Lack of Child Care Associated with Higher Unemployment among Women Compared to Men
States that closed childcare facilities at the beginning of the pandemic saw a reduction of 611,000 positions among working mothers.
From housework to child care, women spend more time on unpaid labor than men, and the COVID-19 pandemic has only exacerbated this gender inequality. When many states mandated the closure of child care facilities at the start of the pandemic, working mothers likely assumed a higher burden of additional childcare duties.
Now, a new study led by a School of Public Health researcher has found that state-level child care facility closures were associated with a greater reduction in employment among women in comparison to men during the first year of the pandemic.

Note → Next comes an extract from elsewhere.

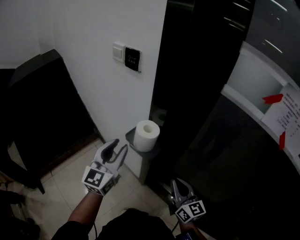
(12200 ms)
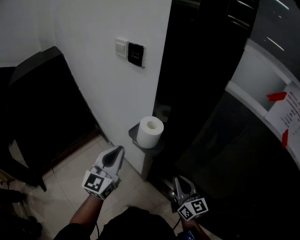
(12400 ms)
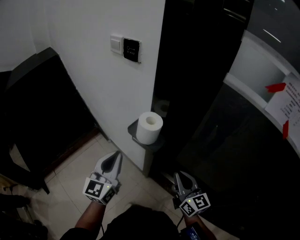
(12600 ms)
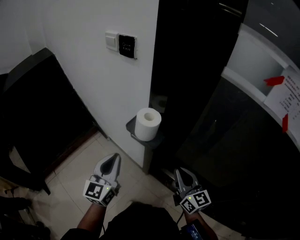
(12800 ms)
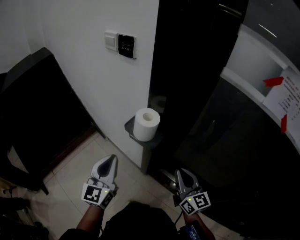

Published in the journal JAMA Health Forum, the study uses data from the SPH-led COVID-19 US State Policy Database, along with census and survey data from the Current Population Survey, to examine childcare facility closures and overall changes in employment among women and men in households with children under six years old from January 2020 to December 2020. The researchers found that in states that shut down childcare services, the likelihood of a woman being employed decreased by 2.6 percentage points—equating to an estimated 611,000 positions among 23.5 million working mothers with young children.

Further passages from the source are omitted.